• Assigned task:
Scan the entries line by line and return those with "Topology".

• Data for this exercise:
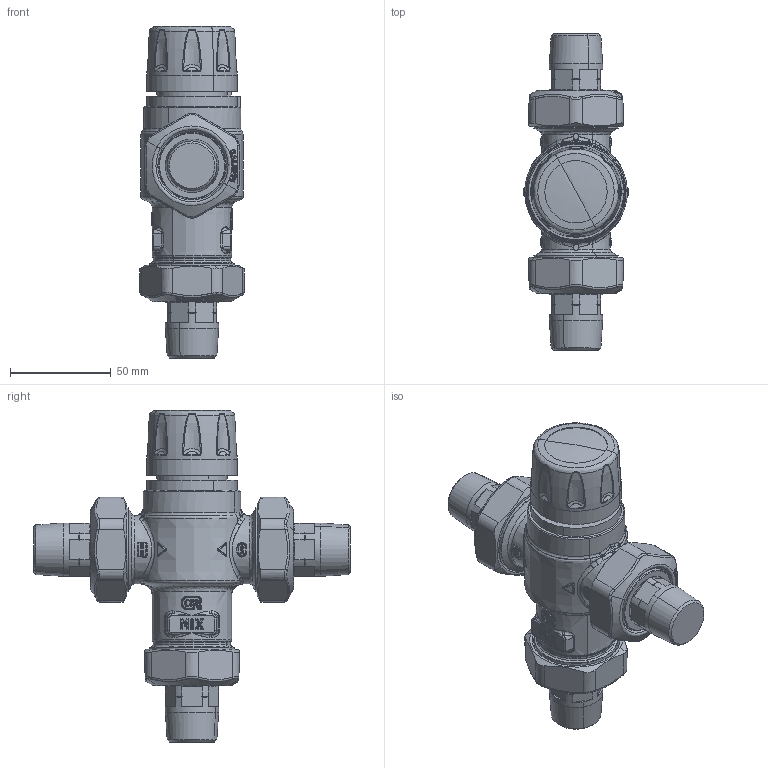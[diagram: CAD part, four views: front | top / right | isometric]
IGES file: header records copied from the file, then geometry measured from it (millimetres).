
Start section: START RECORD GO HERE.
Global section: file name: IGES_252151_-_TST.igs; native system: DASSAULT SYSTEMES CATIA Version 5-6 Release 2020 - www.3ds.com; preprocessor: V5-6R2020_5.30.5.0.09-01-2021.20.00; author: advantage; organization: CALEFFI; date: 20250715.153034; units: millimetre
Bounding box: 52.06 x 157 x 164.9 mm (x, y, z)
Surface area: 59187.7 mm2 (no closed solid volume)
Topology: 0 solids, 0 shells, 2521 faces, 11384 edges, 11222 vertices
Faces by surface type: bspline 1624, revolution 718, plane 179
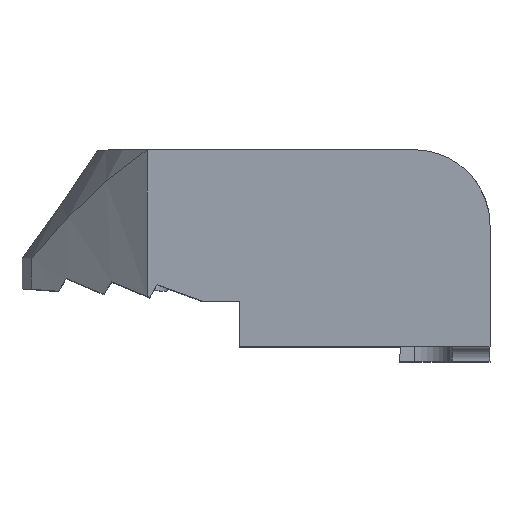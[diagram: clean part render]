
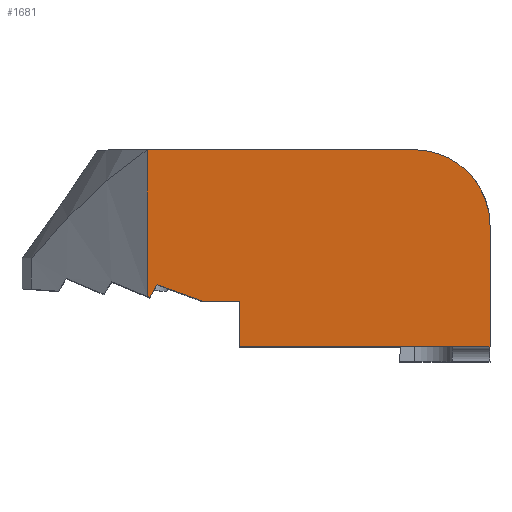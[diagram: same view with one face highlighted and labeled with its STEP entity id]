
A CAD part, top view. The second image highlights one B-rep face of the part: STEP entity #1681.
In plain terms, the highlighted planar face has unit normal (0, -0.058, 0.998).
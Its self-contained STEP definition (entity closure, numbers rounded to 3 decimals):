
#280 = VERTEX_POINT ( 'NONE', #2815 ) ;
#294 = EDGE_CURVE ( 'NONE', #280, #822, #2899, .T. ) ;
#313 = EDGE_CURVE ( 'NONE', #280, #1346, #2916, .T. ) ;
#819 = VERTEX_POINT ( 'NONE', #3773 ) ;
#822 = VERTEX_POINT ( 'NONE', #3772 ) ;
#849 = EDGE_CURVE ( 'NONE', #822, #819, #3842, .T. ) ;
#1323 = EDGE_CURVE ( 'NONE', #1346, #1334, #3903, .T. ) ;
#1334 = VERTEX_POINT ( 'NONE', #3881 ) ;
#1346 = VERTEX_POINT ( 'NONE', #3920 ) ;
#1535 = ORIENTED_EDGE ( 'NONE', *, *, #2534, .T. ) ;
#1537 = ORIENTED_EDGE ( 'NONE', *, *, #1799, .T. ) ;
#1539 = ORIENTED_EDGE ( 'NONE', *, *, #2555, .T. ) ;
#1675 = EDGE_CURVE ( 'NONE', #1334, #2466, #4317, .T. ) ;
#1676 = ORIENTED_EDGE ( 'NONE', *, *, #1693, .T. ) ;
#1677 = ORIENTED_EDGE ( 'NONE', *, *, #1686, .T. ) ;
#1678 = ORIENTED_EDGE ( 'NONE', *, *, #849, .F. ) ;
#1679 = ORIENTED_EDGE ( 'NONE', *, *, #294, .F. ) ;
#1680 = ORIENTED_EDGE ( 'NONE', *, *, #313, .T. ) ;
#1681 = ADVANCED_FACE ( 'NONE', ( #4313 ), #4312, .F. ) ;
#1682 = ORIENTED_EDGE ( 'NONE', *, *, #1323, .T. ) ;
#1683 = ORIENTED_EDGE ( 'NONE', *, *, #1675, .T. ) ;
#1684 = EDGE_LOOP ( 'NONE', ( #1676, #1677, #1678, #1679, #1680, #1682, #1683, #1535, #1537, #1539 ) ) ;
#1686 = EDGE_CURVE ( 'NONE', #1700, #819, #4300, .T. ) ;
#1693 = EDGE_CURVE ( 'NONE', #2557, #1700, #4350, .T. ) ;
#1700 = VERTEX_POINT ( 'NONE', #4329 ) ;
#1799 = EDGE_CURVE ( 'NONE', #2535, #2567, #4451, .T. ) ;
#2466 = VERTEX_POINT ( 'NONE', #5749 ) ;
#2534 = EDGE_CURVE ( 'NONE', #2466, #2535, #5908, .T. ) ;
#2535 = VERTEX_POINT ( 'NONE', #5904 ) ;
#2555 = EDGE_CURVE ( 'NONE', #2567, #2557, #5920, .T. ) ;
#2557 = VERTEX_POINT ( 'NONE', #5916 ) ;
#2567 = VERTEX_POINT ( 'NONE', #5965 ) ;
#2815 = CARTESIAN_POINT ( 'NONE',  ( -11.659, -9.688, 12.191 ) ) ;
#2896 = DIRECTION ( 'NONE',  ( 0., 0.998, 0.058 ) ) ;
#2897 = VECTOR ( 'NONE', #2896, 1000. ) ;
#2898 = CARTESIAN_POINT ( 'NONE',  ( -11.659, -6.5, 12.375 ) ) ;
#2899 = LINE ( 'NONE', #2898, #2897 ) ;
#2909 = DIRECTION ( 'NONE',  ( 0.921, -0.388, -0.022 ) ) ;
#2910 = VECTOR ( 'NONE', #2909, 1000. ) ;
#2911 = CARTESIAN_POINT ( 'NONE',  ( 4.107, -16.324, 11.808 ) ) ;
#2916 = LINE ( 'NONE', #2911, #2910 ) ;
#3772 = CARTESIAN_POINT ( 'NONE',  ( -11.659, 0., 12.75 ) ) ;
#3773 = CARTESIAN_POINT ( 'NONE',  ( 6., 0., 12.75 ) ) ;
#3839 = DIRECTION ( 'NONE',  ( 1., 0., 0. ) ) ;
#3840 = VECTOR ( 'NONE', #3839, 1000. ) ;
#3841 = CARTESIAN_POINT ( 'NONE',  ( 11., 0., 12.75 ) ) ;
#3842 = LINE ( 'NONE', #3841, #3840 ) ;
#3881 = CARTESIAN_POINT ( 'NONE',  ( -11., -8.913, 12.236 ) ) ;
#3900 = DIRECTION ( 'NONE',  ( 0.51, 0.859, 0.05 ) ) ;
#3901 = VECTOR ( 'NONE', #3900, 1000. ) ;
#3902 = CARTESIAN_POINT ( 'NONE',  ( -1.366, 7.316, 13.172 ) ) ;
#3903 = LINE ( 'NONE', #3902, #3901 ) ;
#3920 = CARTESIAN_POINT ( 'NONE',  ( -11.5, -9.755, 12.187 ) ) ;
#4296 = CARTESIAN_POINT ( 'NONE',  ( 6., 0., 12.75 ) ) ;
#4297 = CARTESIAN_POINT ( 'NONE',  ( 8.929, 0., 12.75 ) ) ;
#4298 = CARTESIAN_POINT ( 'NONE',  ( 11., -2.071, 12.631 ) ) ;
#4299 = CARTESIAN_POINT ( 'NONE',  ( 11., -5., 12.462 ) ) ;
#4300 =( BOUNDED_CURVE ( )  B_SPLINE_CURVE ( 3, ( #4299, #4298, #4297, #4296 ),
 .UNSPECIFIED., .F., .T. ) 
 B_SPLINE_CURVE_WITH_KNOTS ( ( 4, 4 ),
 ( 4.712, 6.283 ),
 .UNSPECIFIED. ) 
 CURVE ( )  GEOMETRIC_REPRESENTATION_ITEM ( )  RATIONAL_B_SPLINE_CURVE ( ( 1., 0.805, 0.805, 1. ) ) 
 REPRESENTATION_ITEM ( '' )  );
#4307 = DIRECTION ( 'NONE',  ( 0., 0.998, 0.058 ) ) ;
#4308 = DIRECTION ( 'NONE',  ( 0., 0.058, -0.998 ) ) ;
#4309 = AXIS2_PLACEMENT_3D ( 'NONE', #4311, #4308, #4307 ) ;
#4311 = CARTESIAN_POINT ( 'NONE',  ( 11., 0., 12.75 ) ) ;
#4312 = PLANE ( 'NONE',  #4309 ) ;
#4313 = FACE_OUTER_BOUND ( 'NONE', #1684, .T. ) ;
#4314 = DIRECTION ( 'NONE',  ( 0.94, -0.341, -0.02 ) ) ;
#4315 = VECTOR ( 'NONE', #4314, 1000. ) ;
#4316 = CARTESIAN_POINT ( 'NONE',  ( 5.576, -14.919, 11.889 ) ) ;
#4317 = LINE ( 'NONE', #4316, #4315 ) ;
#4329 = CARTESIAN_POINT ( 'NONE',  ( 11., -5., 12.462 ) ) ;
#4343 = DIRECTION ( 'NONE',  ( 0., 0.998, 0.058 ) ) ;
#4344 = VECTOR ( 'NONE', #4343, 1000. ) ;
#4345 = CARTESIAN_POINT ( 'NONE',  ( 11., -13., 12. ) ) ;
#4350 = LINE ( 'NONE', #4345, #4344 ) ;
#4448 = DIRECTION ( 'NONE',  ( 0., -0.998, -0.058 ) ) ;
#4449 = VECTOR ( 'NONE', #4448, 1000. ) ;
#4450 = CARTESIAN_POINT ( 'NONE',  ( -5.566, 0., 12.75 ) ) ;
#4451 = LINE ( 'NONE', #4450, #4449 ) ;
#5749 = CARTESIAN_POINT ( 'NONE',  ( -8., -10., 12.173 ) ) ;
#5904 = CARTESIAN_POINT ( 'NONE',  ( -5.566, -10., 12.173 ) ) ;
#5905 = DIRECTION ( 'NONE',  ( 1., 0., 0. ) ) ;
#5906 = VECTOR ( 'NONE', #5905, 1000. ) ;
#5907 = CARTESIAN_POINT ( 'NONE',  ( 11., -10., 12.173 ) ) ;
#5908 = LINE ( 'NONE', #5907, #5906 ) ;
#5916 = CARTESIAN_POINT ( 'NONE',  ( 11., -13., 12. ) ) ;
#5917 = DIRECTION ( 'NONE',  ( 1., 0., 0. ) ) ;
#5918 = VECTOR ( 'NONE', #5917, 1000. ) ;
#5919 = CARTESIAN_POINT ( 'NONE',  ( 11., -13., 12. ) ) ;
#5920 = LINE ( 'NONE', #5919, #5918 ) ;
#5965 = CARTESIAN_POINT ( 'NONE',  ( -5.566, -13., 12. ) ) ;
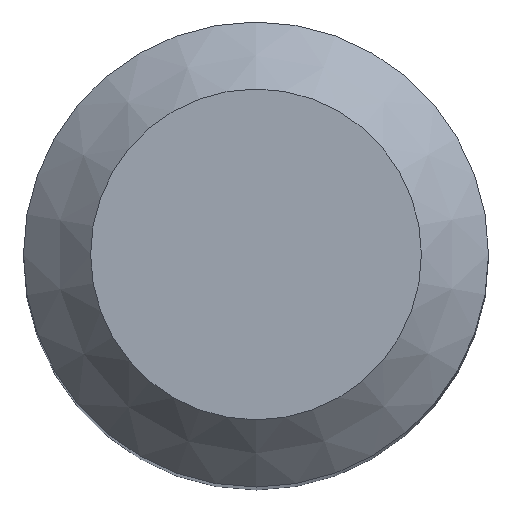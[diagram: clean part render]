
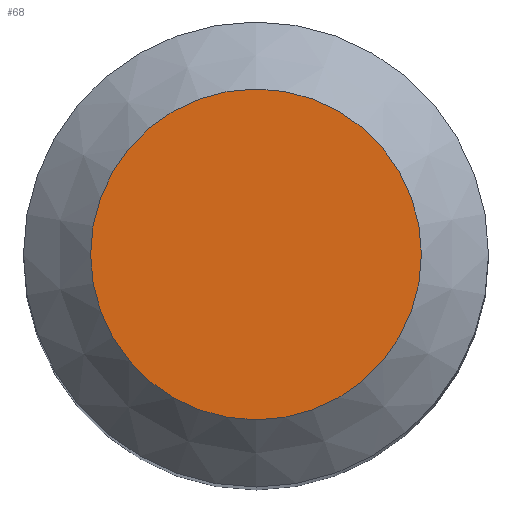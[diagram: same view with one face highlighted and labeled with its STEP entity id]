
A CAD part, top view. The second image highlights one B-rep face of the part: STEP entity #68.
In plain terms, the highlighted planar face has unit normal (0, 0, 1).
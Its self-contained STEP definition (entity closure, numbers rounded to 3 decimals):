
#68=ADVANCED_FACE('',(#74),#71,.F.);
#71=PLANE('',#174);
#74=FACE_OUTER_BOUND('',#88,.T.);
#88=EDGE_LOOP('',(#102));
#102=ORIENTED_EDGE('',*,*,#118,.T.);
#111=VERTEX_POINT('',#248);
#118=EDGE_CURVE('',#111,#111,#125,.T.);
#125=CIRCLE('',#172,4.268);
#172=AXIS2_PLACEMENT_3D('',#247,#208,#209);
#174=AXIS2_PLACEMENT_3D('',#250,#212,#213);
#208=DIRECTION('',(0.,0.,1.));
#209=DIRECTION('',(0.985,-0.172,0.));
#212=DIRECTION('',(0.,0.,-1.));
#213=DIRECTION('',(-0.985,0.172,0.));
#247=CARTESIAN_POINT('',(0.,0.,0.));
#248=CARTESIAN_POINT('',(4.204,-0.734,0.));
#250=CARTESIAN_POINT('',(0.734,4.204,0.));
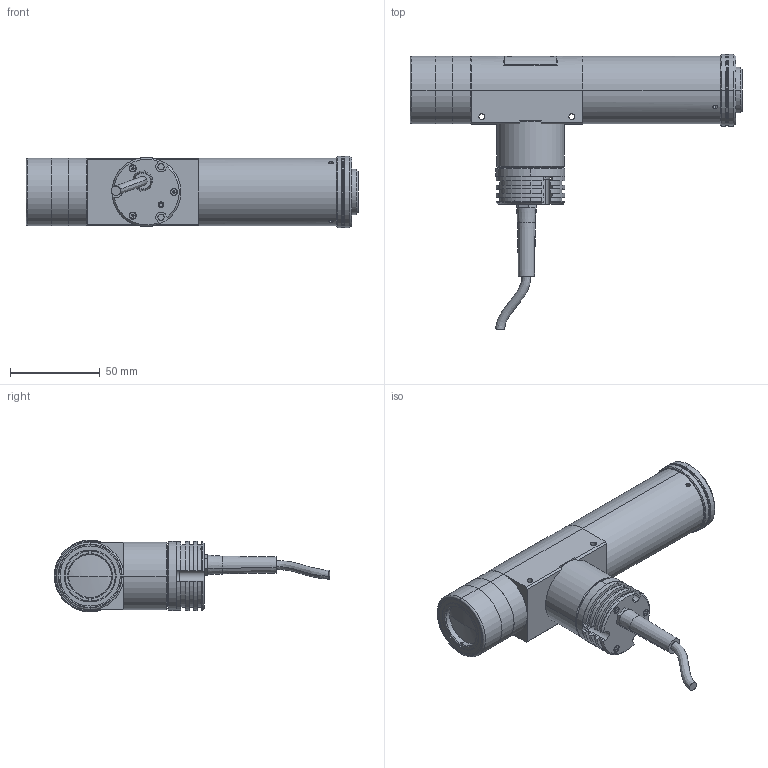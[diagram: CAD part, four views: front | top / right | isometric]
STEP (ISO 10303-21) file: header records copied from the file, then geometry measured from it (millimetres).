
FILE_DESCRIPTION (( 'STEP AP214' ), '1' );
FILE_NAME ('TCCX350.STEP', '2014-07-31T14:46:23', ( '' ), ( '' ), 'SwSTEP 2.0', 'SolidWorks 2013', '' );
FILE_SCHEMA (( 'AUTOMOTIVE_DESIGN' ));
Length unit declared in the file: millimetre
Products named in the file (1): TCCX350
Bounding box: 184.99 x 153.53 x 40 mm (x, y, z)
Surface area: 42689.9 mm2 (no closed solid volume)
Topology: 0 solids, 30 shells, 267 faces, 810 edges, 572 vertices
Faces by surface type: plane 120, cylinder 105, cone 26, torus 12, sphere 2, bspline 2
Entity records: 12588 total; most frequent: CARTESIAN_POINT 2174, DIRECTION 1675, ORIENTED_EDGE 1338, EDGE_CURVE 806, AXIS2_PLACEMENT_3D 635, VERTEX_POINT 572, LINE 405, VECTOR 405

• Exercise solution:
Topology: 0 solids, 0 shells, 2521 faces, 11384 edges, 11222 vertices
Topology: 0 solids, 30 shells, 267 faces, 810 edges, 572 vertices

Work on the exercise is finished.